Data records:
☆ ☆ ☆ ☆

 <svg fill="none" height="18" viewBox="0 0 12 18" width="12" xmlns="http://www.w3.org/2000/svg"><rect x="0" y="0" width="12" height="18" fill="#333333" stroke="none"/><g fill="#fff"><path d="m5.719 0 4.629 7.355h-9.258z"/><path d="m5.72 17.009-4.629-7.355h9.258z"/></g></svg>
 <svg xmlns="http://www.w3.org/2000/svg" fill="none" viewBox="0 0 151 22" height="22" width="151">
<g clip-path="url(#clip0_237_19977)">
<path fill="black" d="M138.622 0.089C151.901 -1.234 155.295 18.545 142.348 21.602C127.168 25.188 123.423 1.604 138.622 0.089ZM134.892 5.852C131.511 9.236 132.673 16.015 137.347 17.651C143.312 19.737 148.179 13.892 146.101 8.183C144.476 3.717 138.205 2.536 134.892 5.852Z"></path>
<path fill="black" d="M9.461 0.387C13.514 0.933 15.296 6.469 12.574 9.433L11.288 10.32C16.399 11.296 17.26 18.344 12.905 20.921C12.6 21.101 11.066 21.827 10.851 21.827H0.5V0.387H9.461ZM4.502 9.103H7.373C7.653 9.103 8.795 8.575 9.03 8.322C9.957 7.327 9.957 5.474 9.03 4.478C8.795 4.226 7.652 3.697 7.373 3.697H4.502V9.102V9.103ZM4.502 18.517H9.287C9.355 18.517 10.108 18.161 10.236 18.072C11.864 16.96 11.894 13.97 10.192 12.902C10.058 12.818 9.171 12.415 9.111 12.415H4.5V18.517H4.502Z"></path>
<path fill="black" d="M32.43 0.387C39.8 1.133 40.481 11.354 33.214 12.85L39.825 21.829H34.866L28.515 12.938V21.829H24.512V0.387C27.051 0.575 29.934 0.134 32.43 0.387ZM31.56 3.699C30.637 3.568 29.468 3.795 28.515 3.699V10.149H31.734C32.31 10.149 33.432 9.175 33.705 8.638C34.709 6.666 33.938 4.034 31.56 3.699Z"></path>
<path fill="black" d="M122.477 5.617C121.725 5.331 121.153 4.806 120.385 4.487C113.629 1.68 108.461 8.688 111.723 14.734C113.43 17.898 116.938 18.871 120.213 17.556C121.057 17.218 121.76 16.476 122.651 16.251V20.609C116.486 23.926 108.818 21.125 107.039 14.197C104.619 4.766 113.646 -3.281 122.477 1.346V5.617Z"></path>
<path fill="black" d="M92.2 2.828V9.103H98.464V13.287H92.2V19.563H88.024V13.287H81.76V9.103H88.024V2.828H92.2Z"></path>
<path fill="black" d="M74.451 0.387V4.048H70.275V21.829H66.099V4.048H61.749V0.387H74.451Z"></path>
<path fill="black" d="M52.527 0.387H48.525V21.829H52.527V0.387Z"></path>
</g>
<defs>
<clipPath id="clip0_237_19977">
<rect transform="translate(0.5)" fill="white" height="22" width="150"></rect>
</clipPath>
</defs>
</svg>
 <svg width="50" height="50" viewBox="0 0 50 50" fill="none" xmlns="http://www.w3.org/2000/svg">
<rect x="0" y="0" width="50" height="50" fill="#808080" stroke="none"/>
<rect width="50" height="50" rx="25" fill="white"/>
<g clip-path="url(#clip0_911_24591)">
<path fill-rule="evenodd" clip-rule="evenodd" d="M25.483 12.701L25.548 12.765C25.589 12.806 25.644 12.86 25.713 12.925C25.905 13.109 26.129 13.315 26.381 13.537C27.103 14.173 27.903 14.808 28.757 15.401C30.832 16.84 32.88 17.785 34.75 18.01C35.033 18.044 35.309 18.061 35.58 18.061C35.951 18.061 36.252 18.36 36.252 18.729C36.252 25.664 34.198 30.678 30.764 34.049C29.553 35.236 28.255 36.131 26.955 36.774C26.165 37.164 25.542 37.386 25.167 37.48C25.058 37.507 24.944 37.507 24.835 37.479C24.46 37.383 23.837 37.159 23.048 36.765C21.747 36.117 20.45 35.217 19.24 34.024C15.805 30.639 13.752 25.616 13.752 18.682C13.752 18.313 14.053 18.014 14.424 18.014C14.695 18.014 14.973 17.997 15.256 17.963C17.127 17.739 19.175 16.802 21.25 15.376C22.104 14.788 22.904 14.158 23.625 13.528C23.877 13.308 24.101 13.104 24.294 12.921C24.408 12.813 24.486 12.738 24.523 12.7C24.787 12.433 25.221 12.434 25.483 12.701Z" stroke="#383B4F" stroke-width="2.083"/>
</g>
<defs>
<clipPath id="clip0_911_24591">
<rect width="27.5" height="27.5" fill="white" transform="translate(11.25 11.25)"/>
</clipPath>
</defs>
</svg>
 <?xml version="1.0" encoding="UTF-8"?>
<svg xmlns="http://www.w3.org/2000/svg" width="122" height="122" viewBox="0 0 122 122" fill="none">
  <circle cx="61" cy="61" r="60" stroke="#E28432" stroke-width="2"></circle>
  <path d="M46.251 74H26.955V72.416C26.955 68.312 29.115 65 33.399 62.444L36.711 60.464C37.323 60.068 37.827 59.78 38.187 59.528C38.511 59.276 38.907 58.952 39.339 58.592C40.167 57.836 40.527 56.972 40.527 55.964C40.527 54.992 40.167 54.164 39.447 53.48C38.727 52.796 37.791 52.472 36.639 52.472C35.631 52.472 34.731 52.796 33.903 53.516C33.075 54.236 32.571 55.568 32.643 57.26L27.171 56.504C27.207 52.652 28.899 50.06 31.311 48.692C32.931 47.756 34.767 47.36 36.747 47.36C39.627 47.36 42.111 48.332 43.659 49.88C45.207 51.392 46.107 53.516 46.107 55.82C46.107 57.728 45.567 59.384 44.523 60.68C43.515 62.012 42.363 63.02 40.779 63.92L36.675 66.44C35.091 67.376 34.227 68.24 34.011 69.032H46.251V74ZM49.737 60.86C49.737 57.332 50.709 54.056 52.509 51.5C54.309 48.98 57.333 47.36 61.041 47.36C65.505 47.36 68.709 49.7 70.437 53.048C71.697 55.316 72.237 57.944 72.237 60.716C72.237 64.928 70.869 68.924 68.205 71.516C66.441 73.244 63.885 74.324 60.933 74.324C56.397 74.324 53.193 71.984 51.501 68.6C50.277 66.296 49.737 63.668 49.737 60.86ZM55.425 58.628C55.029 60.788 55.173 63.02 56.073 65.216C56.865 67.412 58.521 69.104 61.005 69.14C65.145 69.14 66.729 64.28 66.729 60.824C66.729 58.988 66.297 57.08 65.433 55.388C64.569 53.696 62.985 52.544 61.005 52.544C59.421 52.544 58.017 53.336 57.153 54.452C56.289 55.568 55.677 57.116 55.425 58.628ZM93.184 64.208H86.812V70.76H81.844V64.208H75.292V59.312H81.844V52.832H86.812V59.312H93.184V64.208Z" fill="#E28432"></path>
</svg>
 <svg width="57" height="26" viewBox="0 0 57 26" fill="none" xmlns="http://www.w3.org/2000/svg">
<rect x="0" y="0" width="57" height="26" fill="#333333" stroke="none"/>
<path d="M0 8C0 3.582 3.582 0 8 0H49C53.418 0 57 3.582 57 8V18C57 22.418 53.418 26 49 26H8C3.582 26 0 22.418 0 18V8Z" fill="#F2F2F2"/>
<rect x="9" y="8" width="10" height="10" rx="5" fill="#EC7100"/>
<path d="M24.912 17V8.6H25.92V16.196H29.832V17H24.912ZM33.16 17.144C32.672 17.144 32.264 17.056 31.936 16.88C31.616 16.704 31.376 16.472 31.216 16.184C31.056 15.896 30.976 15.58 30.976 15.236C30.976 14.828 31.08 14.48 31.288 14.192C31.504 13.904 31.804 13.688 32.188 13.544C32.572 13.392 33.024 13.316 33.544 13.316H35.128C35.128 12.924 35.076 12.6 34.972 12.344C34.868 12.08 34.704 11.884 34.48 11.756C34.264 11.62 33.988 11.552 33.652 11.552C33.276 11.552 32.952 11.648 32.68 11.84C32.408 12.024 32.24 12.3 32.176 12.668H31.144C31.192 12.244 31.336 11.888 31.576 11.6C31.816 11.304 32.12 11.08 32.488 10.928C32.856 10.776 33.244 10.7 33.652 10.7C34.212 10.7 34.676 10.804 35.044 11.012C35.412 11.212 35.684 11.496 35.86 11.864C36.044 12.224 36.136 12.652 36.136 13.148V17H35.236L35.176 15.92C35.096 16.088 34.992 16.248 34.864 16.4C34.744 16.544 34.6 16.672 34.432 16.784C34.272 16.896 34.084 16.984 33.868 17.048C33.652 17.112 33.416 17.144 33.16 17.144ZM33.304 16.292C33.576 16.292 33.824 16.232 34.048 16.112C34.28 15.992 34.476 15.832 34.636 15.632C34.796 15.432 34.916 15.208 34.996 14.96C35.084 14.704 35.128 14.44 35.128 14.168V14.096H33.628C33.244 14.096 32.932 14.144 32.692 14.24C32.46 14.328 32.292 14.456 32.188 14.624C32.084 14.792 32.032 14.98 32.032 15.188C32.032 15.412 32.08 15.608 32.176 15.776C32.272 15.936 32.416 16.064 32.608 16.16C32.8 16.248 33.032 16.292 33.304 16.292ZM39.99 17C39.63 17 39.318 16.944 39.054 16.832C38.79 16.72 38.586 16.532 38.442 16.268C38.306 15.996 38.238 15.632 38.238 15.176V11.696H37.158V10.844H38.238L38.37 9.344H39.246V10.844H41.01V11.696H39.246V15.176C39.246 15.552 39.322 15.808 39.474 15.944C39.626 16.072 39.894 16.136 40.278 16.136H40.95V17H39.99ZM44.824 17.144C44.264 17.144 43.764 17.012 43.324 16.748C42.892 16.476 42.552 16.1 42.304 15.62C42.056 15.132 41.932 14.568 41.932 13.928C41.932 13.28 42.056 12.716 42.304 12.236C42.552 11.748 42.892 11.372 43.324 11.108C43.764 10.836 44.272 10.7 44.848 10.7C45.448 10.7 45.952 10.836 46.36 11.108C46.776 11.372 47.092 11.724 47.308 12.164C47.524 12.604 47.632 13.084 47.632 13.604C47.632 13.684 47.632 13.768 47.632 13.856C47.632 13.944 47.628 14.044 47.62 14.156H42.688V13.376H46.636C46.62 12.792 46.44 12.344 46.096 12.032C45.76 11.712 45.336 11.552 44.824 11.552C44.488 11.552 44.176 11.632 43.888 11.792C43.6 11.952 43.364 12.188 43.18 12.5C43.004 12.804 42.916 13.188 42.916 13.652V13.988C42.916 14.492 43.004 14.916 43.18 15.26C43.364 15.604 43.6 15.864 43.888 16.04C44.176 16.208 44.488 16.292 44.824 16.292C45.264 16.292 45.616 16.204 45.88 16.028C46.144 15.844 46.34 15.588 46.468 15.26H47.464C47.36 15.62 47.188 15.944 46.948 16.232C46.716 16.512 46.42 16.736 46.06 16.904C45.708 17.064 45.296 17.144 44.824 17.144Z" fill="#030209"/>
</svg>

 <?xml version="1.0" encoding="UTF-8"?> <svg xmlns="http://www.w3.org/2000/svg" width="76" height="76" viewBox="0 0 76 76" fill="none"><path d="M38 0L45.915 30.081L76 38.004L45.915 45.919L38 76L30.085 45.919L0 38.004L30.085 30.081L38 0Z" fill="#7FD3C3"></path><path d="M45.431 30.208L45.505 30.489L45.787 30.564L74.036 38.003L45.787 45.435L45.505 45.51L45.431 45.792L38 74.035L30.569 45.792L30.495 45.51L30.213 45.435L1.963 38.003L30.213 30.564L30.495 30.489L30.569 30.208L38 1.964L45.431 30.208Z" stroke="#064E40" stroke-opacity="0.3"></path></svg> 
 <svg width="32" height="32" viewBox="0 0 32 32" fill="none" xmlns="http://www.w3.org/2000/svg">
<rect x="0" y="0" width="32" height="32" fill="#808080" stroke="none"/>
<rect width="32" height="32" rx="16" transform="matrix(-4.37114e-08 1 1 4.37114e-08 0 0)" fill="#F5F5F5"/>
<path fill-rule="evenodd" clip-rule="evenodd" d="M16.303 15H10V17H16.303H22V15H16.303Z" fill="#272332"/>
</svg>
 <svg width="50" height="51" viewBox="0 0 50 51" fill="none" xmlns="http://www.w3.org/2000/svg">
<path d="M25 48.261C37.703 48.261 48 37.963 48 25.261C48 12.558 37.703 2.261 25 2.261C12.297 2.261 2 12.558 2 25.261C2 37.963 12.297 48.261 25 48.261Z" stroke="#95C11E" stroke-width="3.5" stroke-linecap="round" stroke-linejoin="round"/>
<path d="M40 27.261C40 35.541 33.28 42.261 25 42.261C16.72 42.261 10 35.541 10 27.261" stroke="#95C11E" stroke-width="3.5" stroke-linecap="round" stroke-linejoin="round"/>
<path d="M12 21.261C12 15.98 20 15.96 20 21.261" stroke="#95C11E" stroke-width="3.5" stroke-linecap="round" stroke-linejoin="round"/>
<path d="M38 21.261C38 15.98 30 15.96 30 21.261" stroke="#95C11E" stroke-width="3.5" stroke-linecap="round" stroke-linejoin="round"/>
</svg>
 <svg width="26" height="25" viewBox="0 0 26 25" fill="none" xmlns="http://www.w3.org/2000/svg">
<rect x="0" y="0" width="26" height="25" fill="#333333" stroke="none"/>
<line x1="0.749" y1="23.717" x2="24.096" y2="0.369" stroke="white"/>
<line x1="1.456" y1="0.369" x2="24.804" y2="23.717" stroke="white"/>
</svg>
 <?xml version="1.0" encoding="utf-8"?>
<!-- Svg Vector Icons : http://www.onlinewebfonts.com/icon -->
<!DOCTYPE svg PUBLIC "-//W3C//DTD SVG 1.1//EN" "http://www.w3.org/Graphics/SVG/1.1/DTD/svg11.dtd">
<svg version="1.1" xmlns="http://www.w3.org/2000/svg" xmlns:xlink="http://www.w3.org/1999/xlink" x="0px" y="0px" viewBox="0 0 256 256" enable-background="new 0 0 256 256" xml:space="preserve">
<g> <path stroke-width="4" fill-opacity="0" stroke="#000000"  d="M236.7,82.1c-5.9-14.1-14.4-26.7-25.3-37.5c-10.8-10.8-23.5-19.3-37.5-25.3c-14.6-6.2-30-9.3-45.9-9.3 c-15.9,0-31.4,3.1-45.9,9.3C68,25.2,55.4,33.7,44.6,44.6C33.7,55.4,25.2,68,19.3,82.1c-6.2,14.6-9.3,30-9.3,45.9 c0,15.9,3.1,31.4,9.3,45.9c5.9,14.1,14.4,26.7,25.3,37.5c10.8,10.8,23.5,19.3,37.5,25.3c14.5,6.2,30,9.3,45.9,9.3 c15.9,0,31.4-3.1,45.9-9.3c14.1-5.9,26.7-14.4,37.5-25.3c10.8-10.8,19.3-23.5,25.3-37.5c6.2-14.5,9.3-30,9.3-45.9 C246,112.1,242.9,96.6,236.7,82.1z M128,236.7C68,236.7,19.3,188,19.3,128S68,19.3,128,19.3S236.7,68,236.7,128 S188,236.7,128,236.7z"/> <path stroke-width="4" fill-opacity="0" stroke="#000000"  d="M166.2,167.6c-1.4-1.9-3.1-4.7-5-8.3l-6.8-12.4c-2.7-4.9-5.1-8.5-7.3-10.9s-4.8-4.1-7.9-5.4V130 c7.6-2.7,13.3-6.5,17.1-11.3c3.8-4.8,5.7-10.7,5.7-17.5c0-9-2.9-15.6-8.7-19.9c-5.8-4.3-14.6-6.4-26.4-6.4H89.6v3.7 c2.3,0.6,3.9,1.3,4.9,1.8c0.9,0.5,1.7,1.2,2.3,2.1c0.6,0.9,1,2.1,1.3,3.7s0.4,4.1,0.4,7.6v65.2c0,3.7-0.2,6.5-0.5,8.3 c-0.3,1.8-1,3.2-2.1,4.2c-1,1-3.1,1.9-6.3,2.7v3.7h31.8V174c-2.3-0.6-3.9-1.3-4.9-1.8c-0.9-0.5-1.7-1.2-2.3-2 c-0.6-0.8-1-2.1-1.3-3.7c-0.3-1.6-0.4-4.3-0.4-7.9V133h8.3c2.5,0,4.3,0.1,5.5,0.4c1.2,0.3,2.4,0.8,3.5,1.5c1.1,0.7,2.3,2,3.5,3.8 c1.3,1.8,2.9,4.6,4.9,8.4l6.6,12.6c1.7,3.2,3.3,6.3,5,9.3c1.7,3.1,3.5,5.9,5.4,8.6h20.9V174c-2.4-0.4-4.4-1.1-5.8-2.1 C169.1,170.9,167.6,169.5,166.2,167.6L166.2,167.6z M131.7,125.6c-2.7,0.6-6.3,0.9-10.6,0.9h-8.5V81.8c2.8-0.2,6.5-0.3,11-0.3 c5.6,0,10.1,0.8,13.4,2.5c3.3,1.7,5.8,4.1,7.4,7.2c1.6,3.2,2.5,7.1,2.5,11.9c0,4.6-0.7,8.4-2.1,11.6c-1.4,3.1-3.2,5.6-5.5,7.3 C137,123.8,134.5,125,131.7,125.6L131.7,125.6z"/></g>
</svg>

☆ ☆ ☆ ☆

» **WORK INSTRUCTIONS**:
The answer is the lines above between the line holding "48.261C37.703 48.261 48" and the line holding "21.261C12 15.98 20", inclusive, each written out exactly, and no others.

» **TASK RESULT**:
<path d="M25 48.261C37.703 48.261 48 37.963 48 25.261C48 12.558 37.703 2.261 25 2.261C12.297 2.261 2 12.558 2 25.261C2 37.963 12.297 48.261 25 48.261Z" stroke="#95C11E" stroke-width="3.5" stroke-linecap="round" stroke-linejoin="round"/>
<path d="M40 27.261C40 35.541 33.28 42.261 25 42.261C16.72 42.261 10 35.541 10 27.261" stroke="#95C11E" stroke-width="3.5" stroke-linecap="round" stroke-linejoin="round"/>
<path d="M12 21.261C12 15.98 20 15.96 20 21.261" stroke="#95C11E" stroke-width="3.5" stroke-linecap="round" stroke-linejoin="round"/>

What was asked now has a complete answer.